Q.  This is your last chance to qualify for The Open?
RICHIE RAMSAY:  Yeah.  Yeah.  That was the thing I couldn't play the Open qualifying because I thought 36 holes and then going and suddenly playing a full tournament is not a good idea, just to protect it, and I thought France, of course, suits me.  Ireland, I've played well in Ireland before, and then played here.  I thought that's three good opportunities to play well.
And I normally have those five or six good weeks, and I thought a few other TOUR ones.  And I thought if I have those good weeks and those three, then it could open the door, but it just hasn't worked out that way.

Q.  You know this course as well as anyone.  What do you make of the setup this week and what would it take to win this week?
RICHIE RAMSAY:  I would say the setup is probably one of the best I've ever seen them on the TOUR.  It's going to be extremely tough, but it's going to be fair.  And the toughness will really fall off the tee.  You will see a lot of guys this week who will miss off the tee and who will go for shots at the greens and it'll snag and it'll pull it left, so that's where you really get into trouble.
It's difficult to put a number what people will shoot around here, but I know that someone said to me this morning the wind's going to come out of the northwest, which is the worst possible wind for that course, because the Front 9's going to play long, and you're going to be hitting all the trouble coming out, and then you're going to be struggling to hold the fairways on the way back because it's off to the right.

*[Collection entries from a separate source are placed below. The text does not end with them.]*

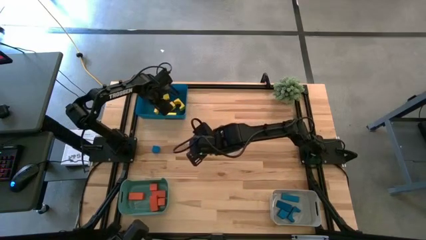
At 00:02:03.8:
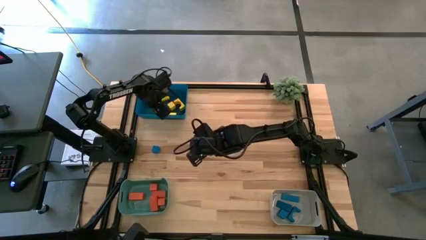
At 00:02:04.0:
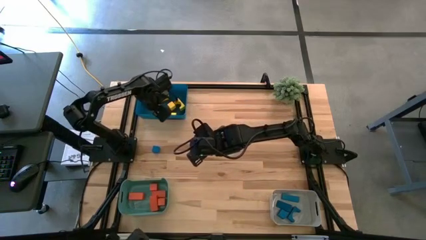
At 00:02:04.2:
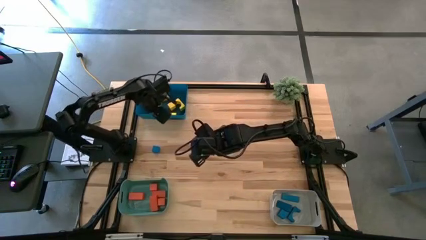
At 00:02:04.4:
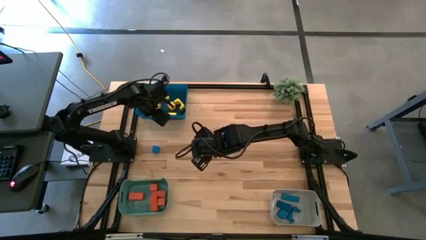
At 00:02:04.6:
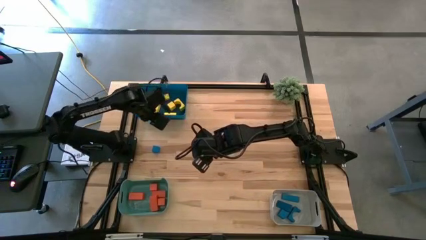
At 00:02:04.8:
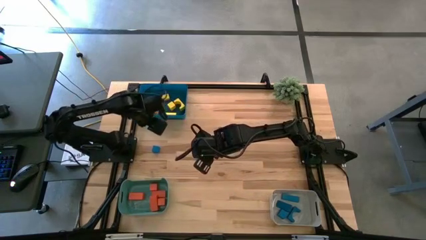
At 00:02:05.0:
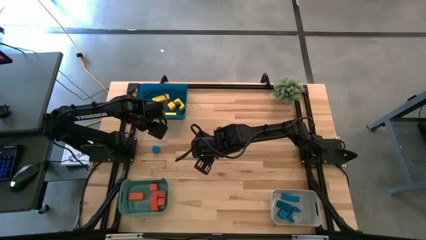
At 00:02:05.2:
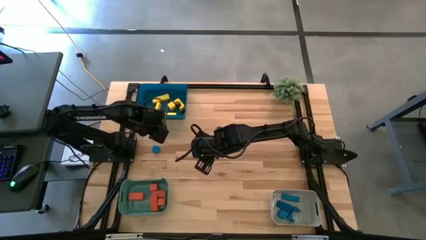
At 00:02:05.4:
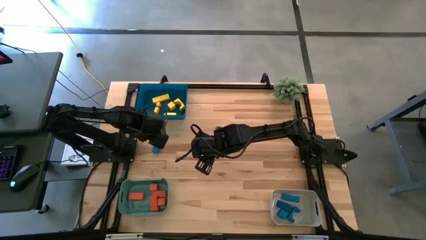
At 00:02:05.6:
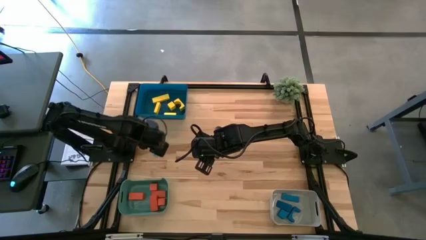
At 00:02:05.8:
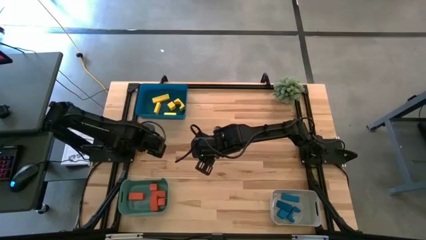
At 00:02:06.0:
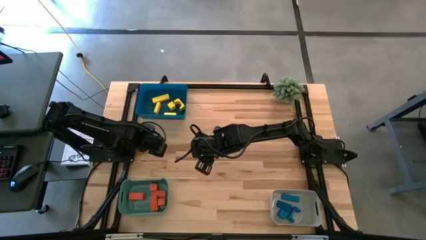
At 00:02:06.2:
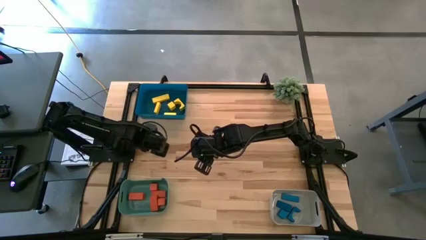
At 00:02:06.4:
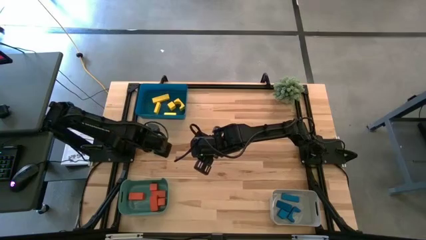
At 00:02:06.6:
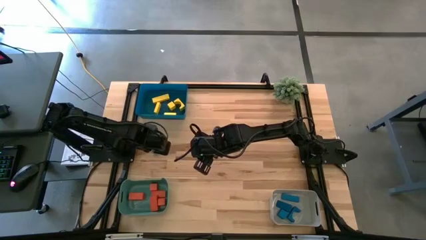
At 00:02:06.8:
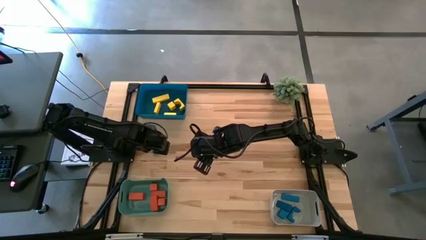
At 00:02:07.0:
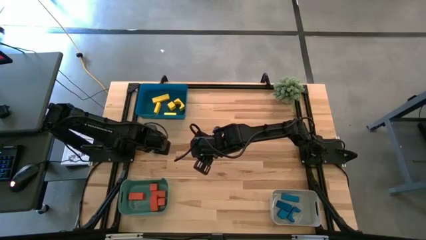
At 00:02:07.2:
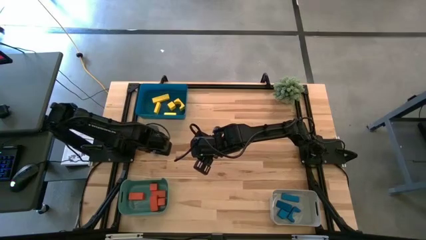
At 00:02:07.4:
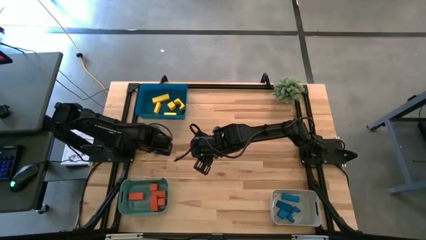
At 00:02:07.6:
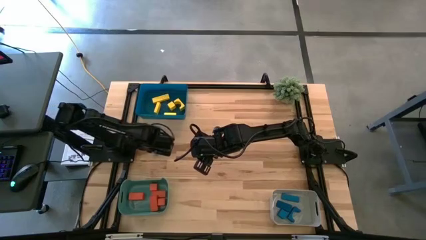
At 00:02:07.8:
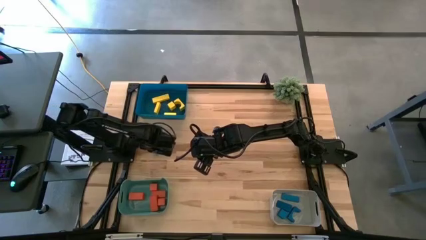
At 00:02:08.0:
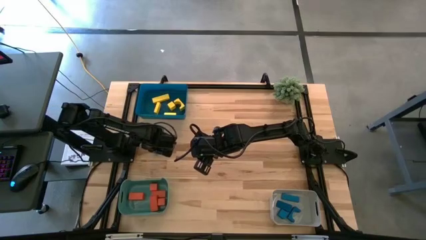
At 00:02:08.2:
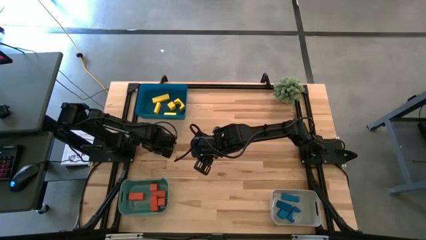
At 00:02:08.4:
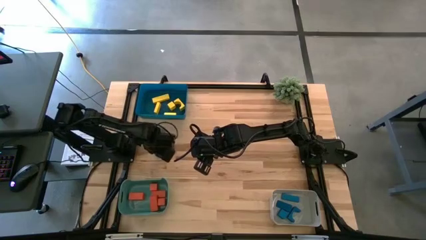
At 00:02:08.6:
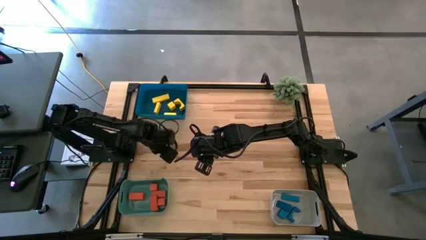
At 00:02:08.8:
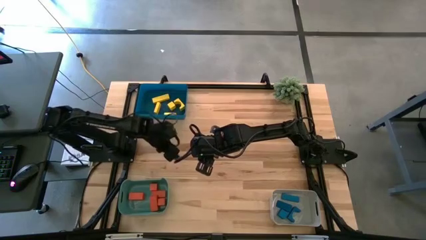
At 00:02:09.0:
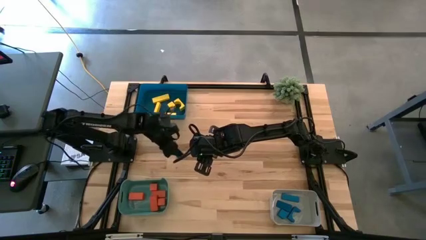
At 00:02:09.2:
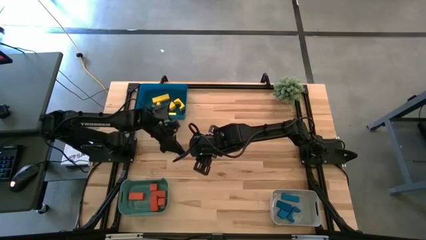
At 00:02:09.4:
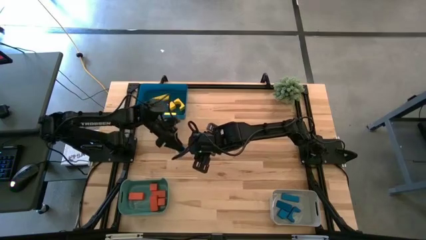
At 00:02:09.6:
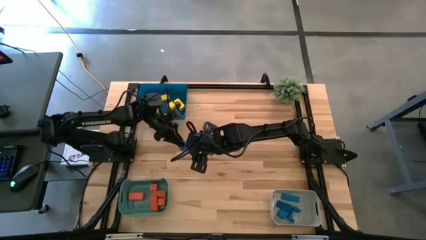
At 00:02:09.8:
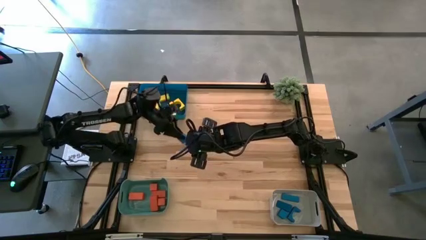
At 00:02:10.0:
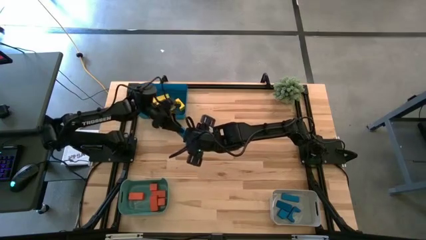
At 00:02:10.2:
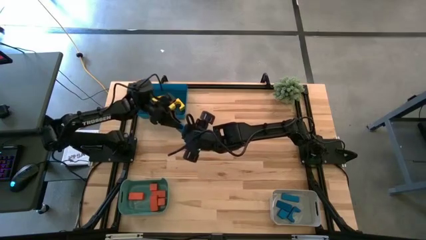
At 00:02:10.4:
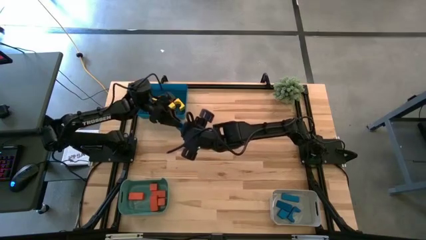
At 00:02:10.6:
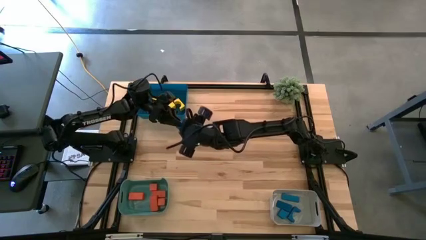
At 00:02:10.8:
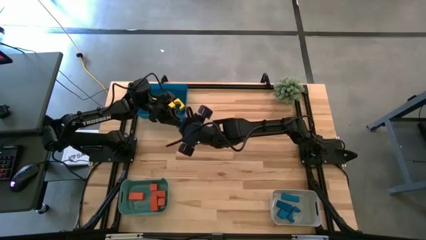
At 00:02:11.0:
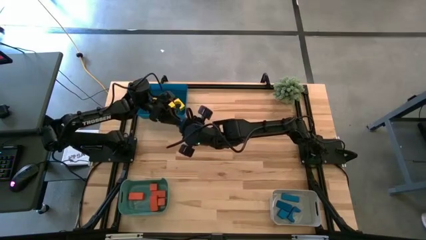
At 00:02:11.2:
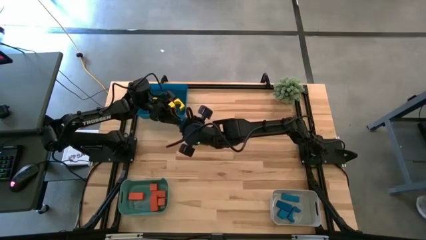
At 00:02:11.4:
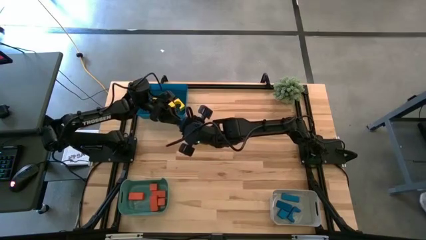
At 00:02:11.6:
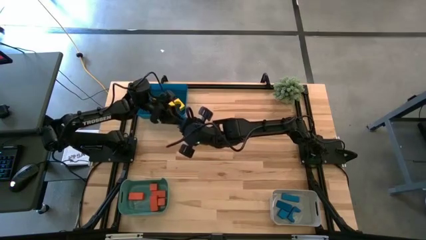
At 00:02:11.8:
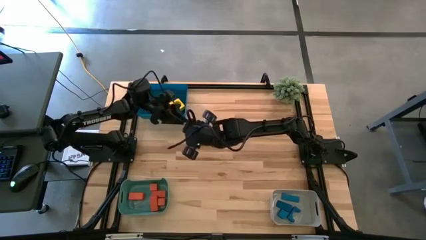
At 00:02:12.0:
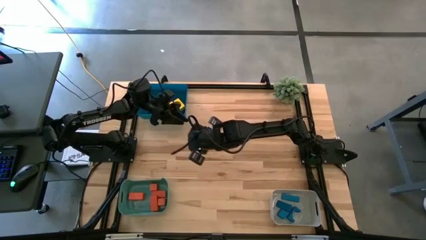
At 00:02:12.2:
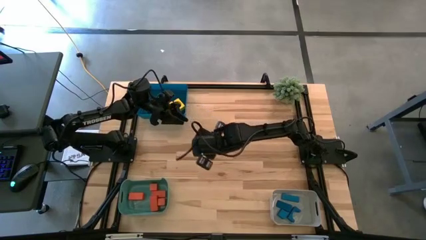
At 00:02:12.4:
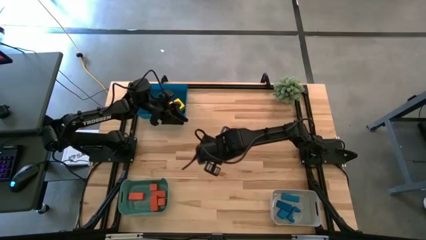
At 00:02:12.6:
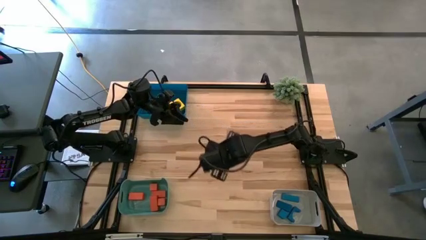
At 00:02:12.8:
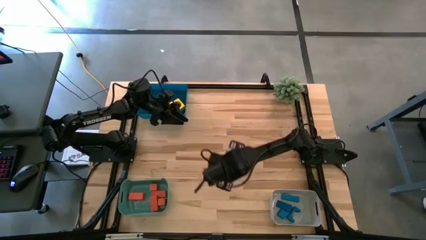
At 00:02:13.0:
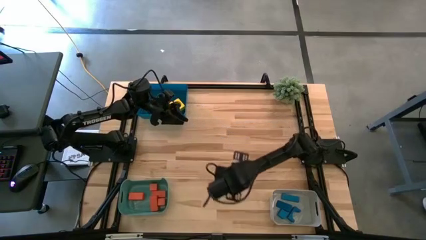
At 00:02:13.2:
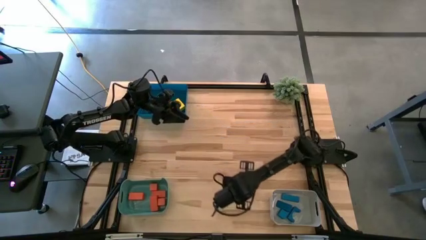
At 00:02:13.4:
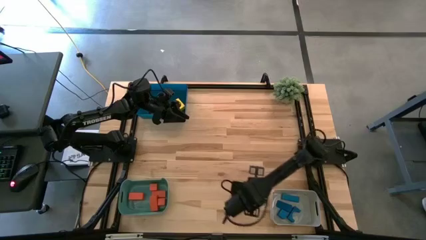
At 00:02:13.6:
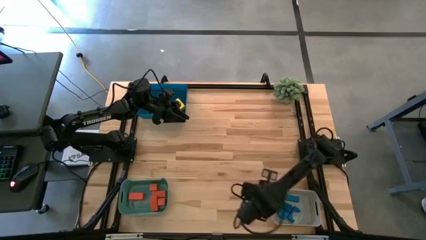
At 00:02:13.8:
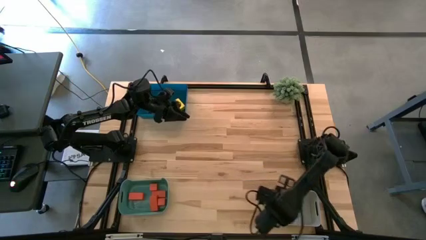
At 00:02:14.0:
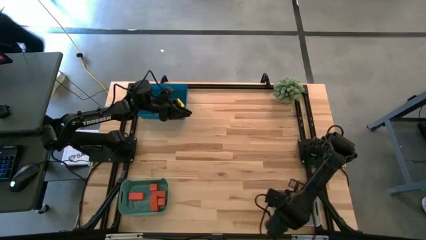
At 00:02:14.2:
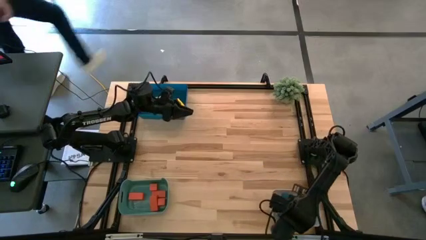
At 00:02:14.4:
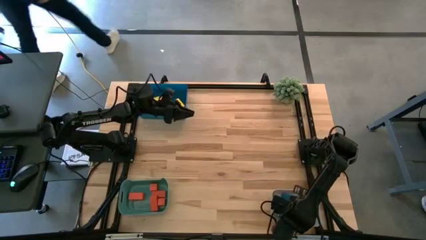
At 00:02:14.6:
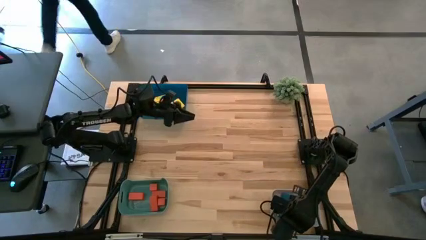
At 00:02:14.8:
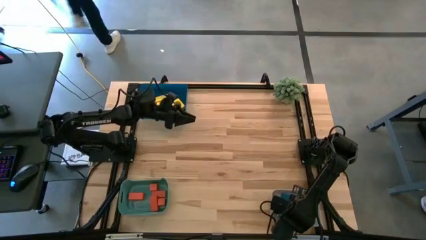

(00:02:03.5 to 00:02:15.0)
Task: Sort & place blocks by color
Put the blue block into the white bin

So yeah, don't‑‑ I mean the scores could be good if it's calm, but it's going to play really tough for them, I think.  And the setup, they've done a really good job of making sure the galleries are far enough outside that they don't trample down rough but close enough that they can see what guys are doing.  So you're going to have to hit the fairways to make the score.
It will be the guy who has the all‑around game who wins and that's why it's a great golf course.  It's not holing putts.  It's not hitting shots close.  It's not chipping.  It's not mental strength.  It's the full package, and I think that is why you have the field that you have is because guys know that if you play‑‑ I think Rory said the other day if you play here and you play well, you have the whole package, and that's what you need to win the Open as well.  You need the whole package.
And it's‑‑ there's only one tournament that's bigger than this tournament on the European Tour, and this course is as close as you'll get to an Open course, par 150, 200 yards maybe that you could add to it.

Q.  What’s the rough like compared to usual?
RICHIE RAMSAY:  It's probably about‑‑ it's probably about right‑‑ I think it's a little worse than it usually is because you've had that sunshine and then you get those squalls.  So you get the rain and then the sun comes out, and it just‑‑ you've got some real thick parts at the bottom of the rough, whereas it's normally not as thick as that.
So you know, if you ask a member, which I am, but you ask a guy who plays here every week, they'll probably tell you the greens were twice as fast last week and the rough was twice as high and the wind was blowing 45 miles an hour.  But it's not as bad as that.  It's just fair.  It's going to be tough, but if you think about what Muirfield was like last year, it's very similar setup to that without being as firm and fast I would say, which is‑‑ I mean you got fairways and that weight is sensible.  You can't have it bouncing all over the place.